* **Task to complete**: Search the records below for the string "Normal" and report only the number of lines that contain it.

Excerpts from a dataset

· · · · ·

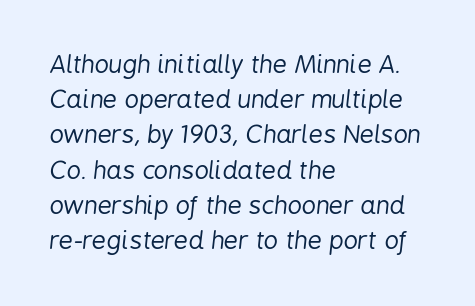
Q: Is the text bold? A: No.
Q: Is the text italic (slanted)? A: Yes, it leans right by about 6 degrees.
Q: Is the text underlined? A: No.
Q: How is the paragraph aligned? A: Left-aligned.
Q: Is the spacing between letters normal or unusually wide? A: Normal.
Q: Is the spacing between lines tight, normal or loose? A: Normal.

· · · · ·

* **Answer area**: 2